Akron has a Food Not Bombs chapter, if you can't find it online try through Akron American Friends Service's Committee ( in Cuyahoga Falls).

The Akron info shop folded.
There is a n Anti-Racist Action chapter at Kent State.The y used to meet tuesday nights not sure if thats still true.

The food co-op in downtown Kent might be a place to meet people.


----------



## spoorprint (Nov 20, 2008)

found a link for Akron Food Not Bombs www.akronfnb.org

Not so sure about the Kent food cop as I think of it.Some good people some untrustworthy yuppie liberals.


----------



## incrustwetrust (Dec 1, 2008)

don't know many kids from ohio, but youngstown seems to have so many fucking abandoned houses, many of them with the front door open.


----------



## 614 crust (Dec 30, 2008)

I'm down in southern Ohio at the moment.


----------



## spoorprint (Feb 12, 2009)

The Akron FNB link is dead, and the last 4 post on there mailing list indicate they ran out of volunteers last spring.


----------



## maxs2009 (Sep 11, 2009)

im in lakewood, which is 5 min west of downtown CLE. lots of places to crash around here. some friendly ppl.


----------



## downhome kid stoney (Sep 16, 2009)

iam bout to head through cleveland


----------



## chemical_warfarex (Oct 11, 2009)

maxs2009 said:


> im in lakewood, which is 5 min west of downtown CLE. lots of places to crash around here. some friendly ppl.

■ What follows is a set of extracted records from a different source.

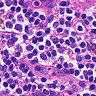
Metastatic tissue present: no
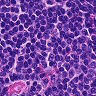
Metastatic tissue present: no
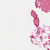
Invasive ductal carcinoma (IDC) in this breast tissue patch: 0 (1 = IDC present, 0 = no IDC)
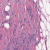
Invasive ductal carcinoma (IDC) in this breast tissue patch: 0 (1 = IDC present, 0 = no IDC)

Lakewood's a good area, I live in Eastlake. No places really in Eastlake. Just outside of here though there's some good places depending on how desperate you are.


----------



## metalsquatter (Nov 26, 2009)

We are in Cleveland, currently staying Downtown nowhere on the street.
Looking for any good squats around the Cleveland metro area.


----------



## atomicpunk (Nov 29, 2009)

tons of stuff 2 squat in youngstown.


----------